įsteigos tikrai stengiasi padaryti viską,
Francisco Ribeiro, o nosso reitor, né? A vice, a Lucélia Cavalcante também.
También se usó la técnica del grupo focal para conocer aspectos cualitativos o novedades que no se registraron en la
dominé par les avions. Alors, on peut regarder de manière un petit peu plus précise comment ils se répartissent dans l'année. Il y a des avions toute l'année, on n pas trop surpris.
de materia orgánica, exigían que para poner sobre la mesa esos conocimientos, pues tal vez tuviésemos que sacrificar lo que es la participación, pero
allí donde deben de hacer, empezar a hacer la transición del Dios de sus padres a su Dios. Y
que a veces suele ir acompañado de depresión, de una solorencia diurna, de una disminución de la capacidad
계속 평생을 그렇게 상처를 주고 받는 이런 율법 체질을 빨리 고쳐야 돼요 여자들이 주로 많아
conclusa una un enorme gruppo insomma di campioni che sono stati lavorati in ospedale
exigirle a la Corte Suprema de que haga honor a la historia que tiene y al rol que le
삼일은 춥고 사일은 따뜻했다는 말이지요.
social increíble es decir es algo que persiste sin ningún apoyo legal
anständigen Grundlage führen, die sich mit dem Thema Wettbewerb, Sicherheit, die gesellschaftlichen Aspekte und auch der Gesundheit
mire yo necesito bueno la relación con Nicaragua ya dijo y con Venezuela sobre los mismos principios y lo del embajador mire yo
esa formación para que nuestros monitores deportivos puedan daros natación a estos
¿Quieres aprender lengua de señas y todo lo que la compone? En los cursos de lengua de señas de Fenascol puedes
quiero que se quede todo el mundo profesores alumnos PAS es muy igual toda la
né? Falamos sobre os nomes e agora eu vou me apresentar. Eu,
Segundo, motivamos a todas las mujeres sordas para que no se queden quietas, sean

#### Exercise goal:
Check each line of the listing for "sobre", and copy the ones that hold it.

#### Written answer:
de materia orgánica, exigían que para poner sobre la mesa esos conocimientos, pues tal vez tuviésemos que sacrificar lo que es la participación, pero
mire yo necesito bueno la relación con Nicaragua ya dijo y con Venezuela sobre los mismos principios y lo del embajador mire yo
né? Falamos sobre os nomes e agora eu vou me apresentar. Eu,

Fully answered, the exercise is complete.